Michael Hill reports EBIT growth of +12% to +24% reaching $27-30M, with same-store sales up +3.8% and a $30M balance sheet swing to net cash as Christmas trading turnaround gains momentum.

  • Michael Hill delivered EBIT growth of +12% to +24%, driven by strong performance in the final 10 weeks of the half under new CEO leadership
  • Same-store sales growth of +3.8% was broad-based across all three markets, with Canada achieving record sales and New Zealand reversing previous declines
  • Balance sheet strengthened materially with a $30M swing to net cash position, supported by disciplined inventory management reducing stock by $11M
  • Gross margins protected at 61.3% despite record precious metal input costs, demonstrating pricing discipline and category management skill
  • Upcoming investor briefing on 2 March 2026 and Investor Day on 14 April 2026 expected to provide medium-term strategic guidance

Michael Hill delivers double-digit EBIT growth as Christmas trading turnaround takes hold

Michael Hill International Limited has reported a significant uplift in its trading update, with comparable EBIT anticipated to reach $27M to $30M, representing growth of +12% to +24% on the prior year’s $24.1M. The jewellery retailer’s preliminary results for the 26-week period ended 28 December 2025 signal operational momentum under new leadership, with Group sales reaching $370.3M (up +3.1%) and same-store sales growth of +3.8%.

The performance marks a material turnaround from earlier trading challenges, with CEO Jonathan Waecker highlighting that profitable quarter-on-quarter growth was driven by significant performance improvements in the final 10 weeks of the half.
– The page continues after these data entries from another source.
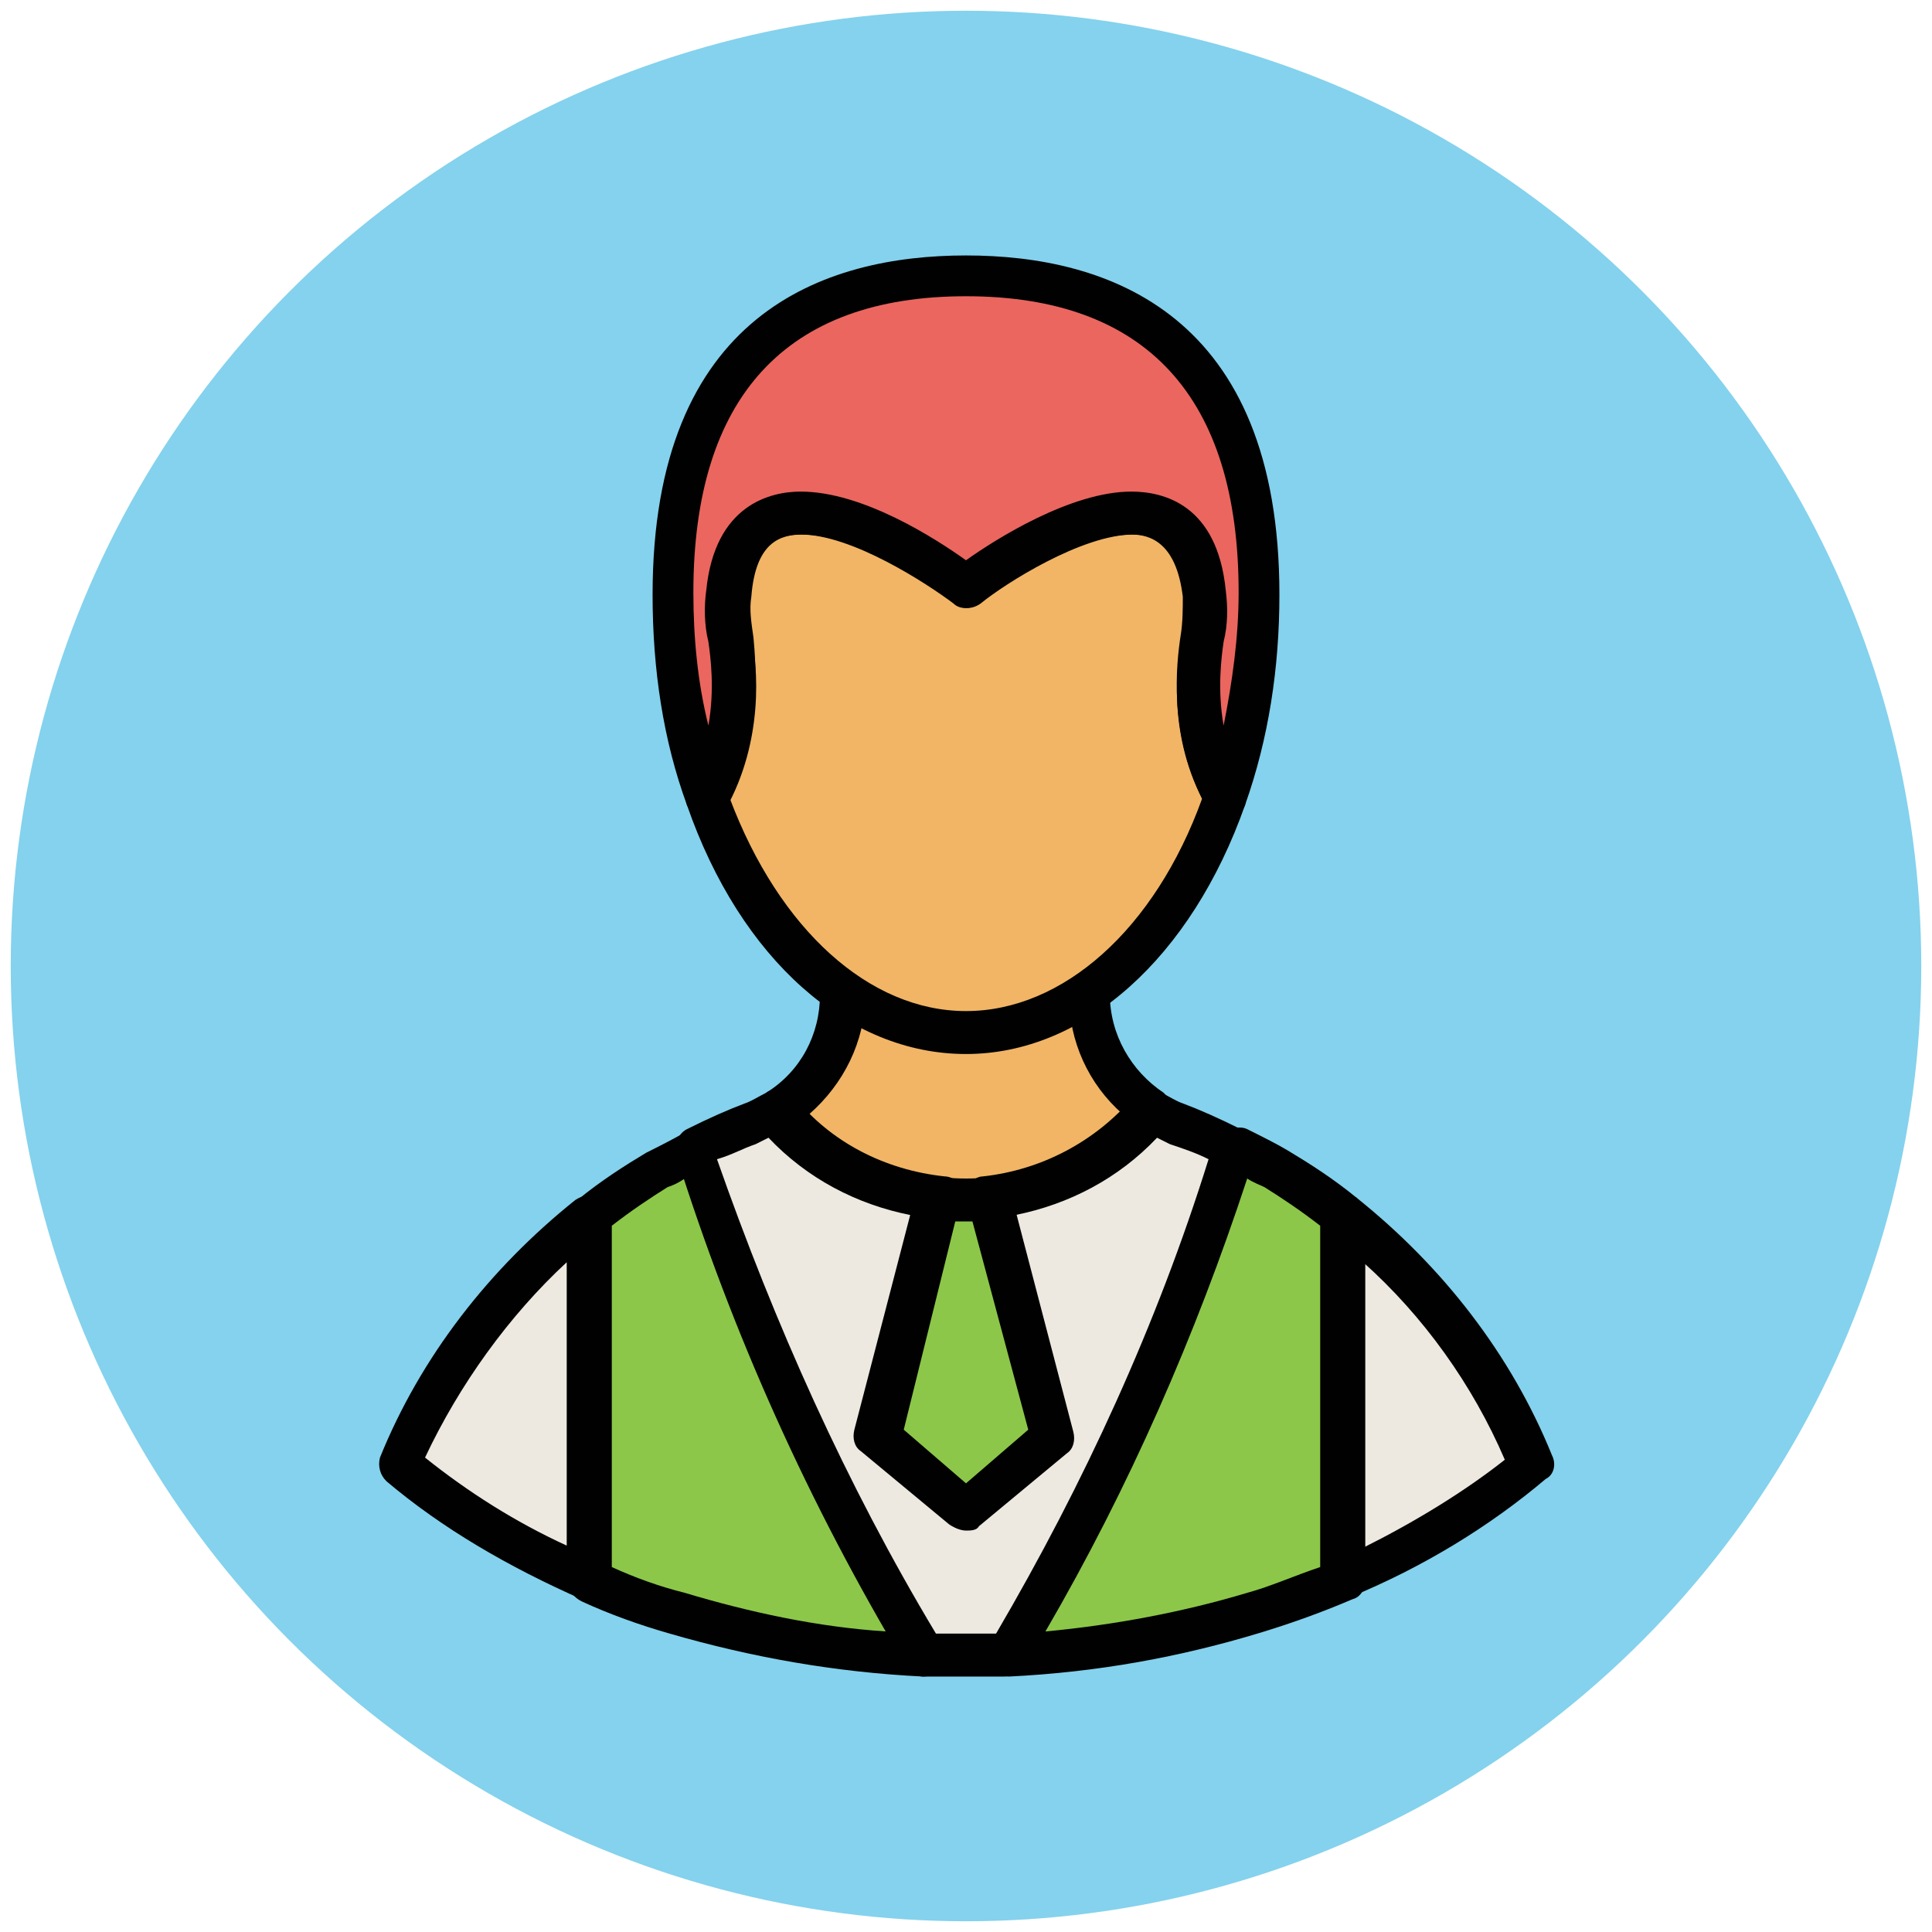 <?xml version="1.0" encoding="utf-8"?>
<!-- Generator: Adobe Illustrator 18.1.1, SVG Export Plug-In . SVG Version: 6.00 Build 0)  -->
<svg version="1.1" id="Layer_1" xmlns="http://www.w3.org/2000/svg" xmlns:xlink="http://www.w3.org/1999/xlink" x="0px" y="0px"
	 viewBox="0 0 90 90" enable-background="new 0 0 90 90" xml:space="preserve">
<g>
	<g>
		<circle fill="#84D2ED" cx="45" cy="45" r="44.5"/>
	</g>
	<g>
		<g>
			<path fill="#F1B565" d="M45,55.9c3.5,0,6.7-1.6,8.7-4.1c-1.8-1.2-3-3.2-3-5.4v-6.1H39.3v6.1c0,2.2-1.2,4.2-3,5.4
				C38.3,54.3,41.5,55.9,45,55.9z"/>
			<path fill="#010101" d="M45,56.9c-3.7,0-7.2-1.6-9.5-4.5c-0.2-0.2-0.3-0.5-0.2-0.8c0-0.3,0.2-0.5,0.4-0.7c1.6-1,2.5-2.7,2.5-4.6
				v-6.1c0-0.5,0.4-1,1-1h11.5c0.5,0,1,0.4,1,1v6.1c0,1.9,1,3.6,2.5,4.6c0.2,0.2,0.4,0.4,0.4,0.7c0,0.3,0,0.6-0.2,0.8
				C52.2,55.2,48.7,56.9,45,56.9z M37.7,51.9c1.9,1.9,4.5,3,7.3,3s5.3-1.1,7.3-3c-1.6-1.4-2.5-3.4-2.5-5.5v-5.1h-9.5v5.1
				C40.3,48.5,39.3,50.5,37.7,51.9z"/>
		</g>
		<g>
			<path fill="#EDE9E0" d="M71.4,68.2c-1.9-4.6-5-8.6-8.8-11.6v17C65.8,72.2,68.8,70.4,71.4,68.2z"/>
			<path fill="#010101" d="M62.5,74.6c-0.2,0-0.4-0.1-0.5-0.2c-0.3-0.2-0.4-0.5-0.4-0.8v-17c0-0.4,0.2-0.7,0.6-0.9
				c0.3-0.2,0.7-0.1,1,0.1c4,3.2,7.2,7.3,9.1,12c0.2,0.4,0.1,0.9-0.3,1.1c-2.6,2.2-5.7,4.1-9.1,5.5C62.8,74.6,62.7,74.6,62.5,74.6z
				 M63.5,58.8v13.3c2.4-1.2,4.7-2.6,6.6-4.1C68.6,64.5,66.3,61.3,63.5,58.8z"/>
		</g>
		<g>
			<path fill="#EDE9E0" d="M18.6,68.2c2.5,2.1,5.5,4,8.8,5.4v-17C23.6,59.7,20.5,63.6,18.6,68.2z"/>
			<path fill="#010101" d="M27.5,74.6c-0.1,0-0.3,0-0.4-0.1C23.7,73,20.6,71.2,18,69c-0.3-0.3-0.4-0.7-0.3-1.1
				c1.9-4.7,5.1-8.8,9.1-12c0.3-0.2,0.7-0.3,1-0.1c0.3,0.2,0.6,0.5,0.6,0.9v17c0,0.3-0.2,0.6-0.4,0.8C27.9,74.5,27.7,74.6,27.5,74.6
				z M19.8,67.9c2,1.6,4.2,3,6.6,4.1V58.8C23.7,61.3,21.4,64.5,19.8,67.9z"/>
		</g>
		<g>
			<path fill="#8CC749" d="M30.6,54.5c-1.1,0.6-2.1,1.4-3.1,2.1v17c1.3,0.6,2.6,1.1,4,1.5c3.6,1.1,7.4,1.8,11.5,2
				c-4.5-7.6-8.1-15.5-10.6-23.6C31.8,53.8,31.2,54.2,30.6,54.5z"/>
			<path fill="#010101" d="M43,78.1C43,78.1,43,78.1,43,78.1c-4.1-0.2-8-0.9-11.8-2c-1.4-0.4-2.8-0.9-4.1-1.5
				c-0.4-0.2-0.6-0.5-0.6-0.9v-17c0-0.3,0.1-0.6,0.4-0.8c1.1-0.9,2.2-1.6,3.2-2.2c0.6-0.3,1.2-0.6,1.9-1c0.3-0.1,0.6-0.1,0.8,0
				s0.5,0.3,0.6,0.6c2.5,8.1,6.1,16,10.5,23.4c0.2,0.3,0.2,0.7,0,1C43.7,77.9,43.4,78.1,43,78.1z M28.5,73c1.1,0.5,2.2,0.9,3.4,1.2
				c3,0.9,6.2,1.6,9.4,1.8c-3.9-6.7-7-13.8-9.4-21.1c-0.3,0.2-0.5,0.3-0.8,0.4c-0.8,0.5-1.7,1.1-2.6,1.8V73z"/>
		</g>
		<g>
			<path fill="#8CC749" d="M59.4,54.5c-0.6-0.4-1.2-0.7-1.9-1c-2.5,8.1-6,16-10.6,23.6c4-0.2,7.9-0.9,11.5-2c1.4-0.4,2.7-0.9,4-1.5
				v-17C61.5,55.9,60.5,55.2,59.4,54.5z"/>
			<path fill="#010101" d="M47,78.1c-0.3,0-0.7-0.2-0.8-0.5c-0.2-0.3-0.2-0.7,0-1c4.4-7.4,7.9-15.2,10.5-23.4
				c0.1-0.3,0.3-0.5,0.6-0.6c0.3-0.1,0.6-0.1,0.8,0c0.8,0.4,1.4,0.7,1.9,1c1,0.6,2.1,1.3,3.2,2.2c0.2,0.2,0.4,0.5,0.4,0.8v17
				c0,0.4-0.2,0.8-0.6,0.9c-1.4,0.6-2.8,1.1-4.1,1.5C55,77.2,51.1,77.9,47,78.1C47,78.1,47,78.1,47,78.1z M58.1,54.9
				c-2.4,7.3-5.5,14.4-9.4,21.1c3.2-0.3,6.4-0.9,9.4-1.8c1.1-0.3,2.2-0.8,3.4-1.2V57.1c-0.9-0.7-1.8-1.3-2.6-1.8
				C58.7,55.2,58.4,55.1,58.1,54.9z"/>
		</g>
		<g>
			<path fill="#EDE9E0" d="M54.9,52.4c-0.4-0.2-0.8-0.4-1.2-0.6c-1.9,2.2-4.6,3.8-7.6,4.1l2.9,11.1L45,70.4l-4.1-3.4l2.9-11.1
				c-3.1-0.3-5.8-1.8-7.6-4.1c-0.4,0.2-0.8,0.4-1.2,0.6c-0.9,0.3-1.8,0.7-2.6,1.1c2.5,8.1,6,16,10.6,23.6c0.7,0,1.3,0,2,0
				c0.7,0,1.3,0,2,0c4.5-7.6,8.1-15.5,10.6-23.6C56.7,53.1,55.8,52.7,54.9,52.4z"/>
			<path fill="#010101" d="M45,78.1c-0.7,0-1.4,0-2,0c-0.3,0-0.6-0.2-0.8-0.5c-4.5-7.5-8.1-15.5-10.7-23.8c-0.1-0.5,0.1-1,0.5-1.2
				c1-0.5,1.9-0.9,2.7-1.2c0.3-0.1,0.6-0.3,1-0.5c0.4-0.3,1-0.2,1.3,0.2c1.7,2.1,4.2,3.4,7,3.7c0.3,0,0.6,0.2,0.7,0.4
				c0.2,0.2,0.2,0.5,0.1,0.8l-2.8,10.5l2.9,2.5l2.9-2.5l-2.8-10.5c-0.1-0.3,0-0.6,0.1-0.8c0.2-0.2,0.4-0.4,0.7-0.4
				c2.7-0.3,5.2-1.6,7-3.7c0.3-0.4,0.9-0.5,1.3-0.2c0.4,0.2,0.7,0.4,1,0.5c0.8,0.3,1.7,0.7,2.7,1.2c0.4,0.2,0.7,0.7,0.5,1.2
				c-2.6,8.3-6.2,16.3-10.7,23.8c-0.2,0.3-0.5,0.5-0.8,0.5C46.4,78.1,45.7,78.1,45,78.1z M43.6,76.1c0.9,0,1.9,0,2.8,0
				c4.1-7,7.5-14.4,9.9-22.1c-0.6-0.3-1.2-0.5-1.8-0.7c-0.2-0.1-0.4-0.2-0.6-0.3c-1.8,1.9-4.1,3.1-6.6,3.6l2.6,10
				c0.1,0.4,0,0.8-0.3,1l-4.1,3.4c-0.4,0.3-0.9,0.3-1.3,0l-4.1-3.4c-0.3-0.2-0.4-0.6-0.3-1l2.6-10c-2.5-0.5-4.8-1.7-6.6-3.6
				c-0.2,0.1-0.4,0.2-0.6,0.3c-0.6,0.2-1.1,0.5-1.8,0.7C36.1,61.7,39.4,69.1,43.6,76.1z"/>
		</g>
		<g>
			<path fill="#8CC749" d="M45,70.4l4.1-3.4l-2.9-11.1c-0.4,0-0.7,0.1-1.1,0.1s-0.8,0-1.1-0.1l-2.9,11.1L45,70.4z"/>
			<path fill="#010101" d="M45,71.3c-0.2,0-0.5-0.1-0.6-0.2l-4.1-3.4c-0.3-0.2-0.4-0.6-0.3-1l2.9-11.1c0.1-0.5,0.6-0.8,1.1-0.7
				c0.7,0.1,1.4,0.1,2,0c0.5,0,0.9,0.3,1.1,0.7L50,66.7c0.1,0.4,0,0.8-0.3,1l-4.1,3.4C45.5,71.3,45.2,71.3,45,71.3z M42.1,66.6
				l2.9,2.5l2.9-2.5l-2.6-9.7c-0.2,0-0.5,0-0.8,0L42.1,66.6z"/>
		</g>
		<g>
			<path fill="#F1B565" d="M56.1,29.8c0.1-0.7,0.2-1.4,0.1-2.1C55.2,19.4,45,27.3,45,27.3s-10.2-7.9-11.2,0.3
				c-0.1,0.7,0,1.4,0.1,2.1c0.3,1.3,0.6,4.4-1,7.4c2.3,6.5,6.8,10.9,12.1,10.9s9.8-4.4,12.1-10.9C55.5,34.2,55.8,31.1,56.1,29.8z"/>
			<path fill="#010101" d="M45,49.1c-5.5,0-10.5-4.4-13-11.6c-0.1-0.3-0.1-0.6,0.1-0.8c1.5-2.7,1.2-5.6,0.9-6.7
				c-0.2-0.8-0.2-1.7-0.1-2.4c0.4-4,3-4.6,4.4-4.6c2.9,0,6.3,2.2,7.7,3.2c1.4-1,4.9-3.2,7.7-3.2c1.5,0,4,0.6,4.4,4.6
				c0.1,0.8,0.1,1.6-0.1,2.4c-0.2,1.1-0.5,4,0.9,6.7c0.1,0.2,0.2,0.5,0.1,0.8C55.5,44.6,50.5,49.1,45,49.1z M34,37.2
				c2.3,6.1,6.5,9.9,11,9.9s8.8-3.8,11-9.9c-1.6-3.1-1.2-6.4-0.9-7.6c0.1-0.6,0.1-1.3,0.1-1.8c-0.3-2.5-1.5-2.9-2.4-2.9
				c-2.4,0-6,2.3-7.1,3.2c-0.4,0.3-0.9,0.3-1.2,0c-1.2-0.9-4.7-3.2-7.1-3.2c-1,0-2.2,0.3-2.4,2.9c-0.1,0.6,0,1.2,0.1,1.9
				C35.2,30.8,35.5,34.1,34,37.2z"/>
		</g>
		<g>
			<path fill="#EB665F" d="M45,12.9c-7.5,0-13.7,3.6-13.7,14.8c0,3.4,0.6,6.6,1.6,9.4c1.6-2.9,1.3-6,1-7.4c-0.1-0.7-0.2-1.4-0.1-2.1
				c0.9-8.2,11.2-0.3,11.2-0.3s10.2-7.9,11.2,0.3c0.1,0.7,0,1.4-0.1,2.1c-0.3,1.3-0.6,4.4,1,7.4c1-2.8,1.6-6,1.6-9.4
				C58.7,16.5,52.5,12.9,45,12.9z"/>
			<path fill="#010101" d="M57.1,38.1c-0.4,0-0.7-0.2-0.9-0.5c-1.8-3.3-1.4-6.7-1.2-8c0.1-0.6,0.1-1.3,0.1-1.8
				c-0.3-2.5-1.5-2.9-2.4-2.9c-2.4,0-6,2.3-7.1,3.2c-0.4,0.3-0.9,0.3-1.2,0c-1.2-0.9-4.7-3.2-7.1-3.2c-1,0-2.2,0.3-2.4,2.9
				c-0.1,0.6,0,1.2,0.1,1.9c0.3,1.3,0.6,4.8-1.2,8c-0.2,0.3-0.6,0.5-0.9,0.5c-0.4,0-0.7-0.3-0.9-0.7c-1.1-3-1.6-6.3-1.6-9.8
				c0-13.1,8-15.8,14.6-15.8s14.6,2.7,14.6,15.8c0,3.4-0.5,6.7-1.6,9.8C57.9,37.8,57.6,38.1,57.1,38.1
				C57.2,38.1,57.1,38.1,57.1,38.1z M45,13.8c-8.4,0-12.7,4.7-12.7,13.8c0,2.1,0.2,4.2,0.7,6.2c0.3-1.7,0.1-3.2,0-3.9
				c-0.2-0.8-0.2-1.7-0.1-2.4c0.4-4,3-4.6,4.4-4.6c2.9,0,6.3,2.2,7.7,3.2c1.4-1,4.9-3.2,7.7-3.2c1.5,0,4,0.6,4.4,4.6
				c0.1,0.8,0.1,1.6-0.1,2.4c-0.1,0.7-0.3,2.2,0,3.9c0.4-2,0.7-4.1,0.7-6.2C57.7,18.5,53.4,13.8,45,13.8z"/>
		</g>
	</g>
</g>
</svg>

This improvement represents the first tangible validation of the operational discipline introduced since leadership change.

“Under new leadership, the Group delivered profitable quarter-on-quarter growth, driven by significant performance improvements in the final 10 weeks of the half, resulting in a materially improved trading trajectory relative to the early FY26 trading update presented at the October AGM,” said Jonathan Waecker, CEO of Michael Hill International Limited.

Sales growth returns across all three markets

All three geographic segments contributed positively to the half-year result, with Canada achieving another record sales performance, Australia delivering strong sales performance, and New Zealand reversing previous same-store sales declines. The broad-based improvement demonstrates execution gains across the Group’s 285-store network rather than isolated regional strength.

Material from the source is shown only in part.